Matthew Greenwald (Printer Friendly)
2005-02-01

“The album became a legend. Songs and beautiful musical fragments would emerge over the years, but Smile was to have been a whole musical direction, and the individual songs, taken from their natural surroundings, were deprived of what could have been a stunning collective emotional effort. The work had started with “Good Vibrations” and it had expanded with the help of a friend (Van Dyke Parks) Brian met on Cielo Drive. Now, a year later (1967), Smile was still a dream. Too much pressure. Too many drugs. Too much anticipation. Too little support. It was the end of an era.” - Byron Preiss (“The Beach Boys”/1979)

Smile was a bunt instead of a grand-slam” - Carl Wilson

One concise paragraph and a brilliant single-sentence analogy pretty much tell you what the upshot was of pop's holiest of holy grails, The Beach Boys unreleased and unfinished 1966/7 masterpiece, Smile. For decades, it lay - not forgotten - but memorialized, analyzed and eulogized. The history of the album, in fact, has become a cottage industry, spawning countless articles, books, websites (including a 'build-your-own-Smile' site) and film/video episodes in anything having to do with the band or it's primary “conjurer”, as songwriting partner Van Dyke Parks likes to call him, Brian Wilson. It has also been said that by “killing' the album, Brian saved himself. While that may not be quite true, it was pretty close to the end of the line for the Beach Boys as a revolutionary, creative entity who rivaled The Beatles during pop's most adventurous era.

With that said, who would have even dreamed that nearly four decades later the music from the project would not be 'completed', but performed live in all of it's dazzling brilliance by it's creator and a crack ten-piece band, augmented by strings and horns? On top of that, the trilogy of material seamlessly stitched together for the concerts would also be recorded in the studio…and is slated to be released in the very near future - tentatively by years' end. This year, by the way.

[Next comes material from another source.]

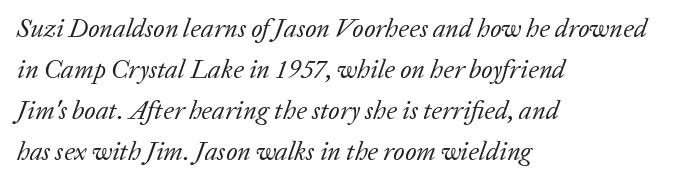
If you drew a line through each stem, it would be angled. The gap between lines stays unmarked. The space between consecutive lines is moderate. The passage is arranged the way most books set body copy — flush left. No heavy texture on the line: the type isn't bold. The gaps between neighbouring characters are ordinary and unremarkable.
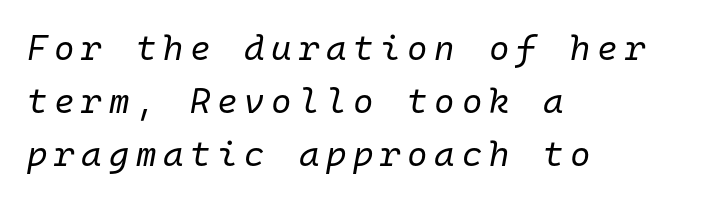
Type without underlining. Compared with a typical body face, this is equally light or lighter still. These lines were composed using italics. Leading: standard.
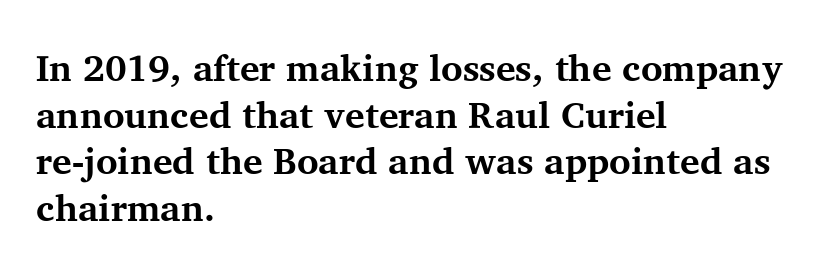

All of the current activity is explained and explored by vocalist/vibes/keyboardist Darian Sahanaja in an interview to follow. One of Los Angeles' own Wondermints, who serve as the core of Wilson's live ensemble, and who are, on their own, perhaps the finest exponents of pop in the last 30 years, as their four albums' on Japan's Sony/Neosite label (among others, world wide) will easily attest. Sahanaja humbly calls himself Brian's 'musical secretary' for this project, and also served similar duties on Wilson's brilliant Pet Sounds tours. You'll soon read (and hopefully also hear) that Darian's self-appointed job description goes much, much deeper.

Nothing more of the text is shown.